Einstein's Cosmic Acceleration Observed:

By Tamara Homan

  
Dr. Alexei Filippenko of UC Berkeley answers questions after his MIRA Lecture in September 2001 the recently discovered Acceleration of the Universe.

As long as humankind has been walking around with these large brains capable of complex thought, we have been asking where the universe came from, and how it will end. Leave it to cosmologist Alex Filippenko, Ph.D., to answer those questions with a lucid humor and catchy examples. Voted the best teacher of the year by the students of the University of California Berkeley campus, he likens the expanding universe to an immense loaf of raisin bread—with the Milky Way and all other galaxies as the raisins. Then it becomes clear why more distant galaxies move away from us faster than closer galaxies. Because there's more dough between us, of course! As the dough rises and the distance from "here" to "there" doubles and then doubles again, we can only speculate how many toasters it would take to brown all of that bread. Pass the butter, please, Dr. F.

How far away is that 100-watt light bulb? That depends on how bright it looks, of course: brighter when it's closer, and fainter when it's not so close. If we know its absolute brightness (that it is a 100-watt bulb, not 25), we can calculate how far away it is based on how bright it looks to us (its apparent brightness). Much observational cosmology has involved the search for such "standard candles."

Dr. Filippenko and other researchers use their own astronomical "100-watt bulbs," for comparison: supernovae.
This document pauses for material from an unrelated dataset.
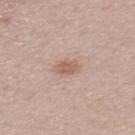The lesion was tiled from a total-body skin photograph and was not biopsied. The subject is a male in their 60s. A 15 mm close-up tile from a total-body photography series done for melanoma screening. The recorded lesion diameter is about 2.5 mm. An algorithmic analysis of the crop reported about 9 CIELAB-L* units darker than the surrounding skin and a normalized lesion–skin contrast near 7. The software also gave a border-irregularity index near 2.5/10, a within-lesion color-variation index near 2/10, and peripheral color asymmetry of about 1. And it measured a classifier nevus-likeness of about 60/100 and a lesion-detection confidence of about 100/100. The lesion is on the upper back.

Those immensely powerful objects come in handy, or at least type Ia's (which result when white dwarf stars explode), because we know about how bright they are. Comparing this known quantity in nearby galaxies to supernovae in more distant galaxies lets astronomers estimate how far away they are.

This research points to a unexpected conclusion: that the rate of expansion of the universe is actually accelerating. This acceleration, originally predicted by Albert Einstein nearly a century ago (and later recanted by him) must be caused by a previously unknown energy, originating in the interstellar vacuum, which is causing the acceleration. So startling is this finding, and so difficult to explain with our present understanding of physics, that Science magazine deemed it the scientific breakthrough of 1998.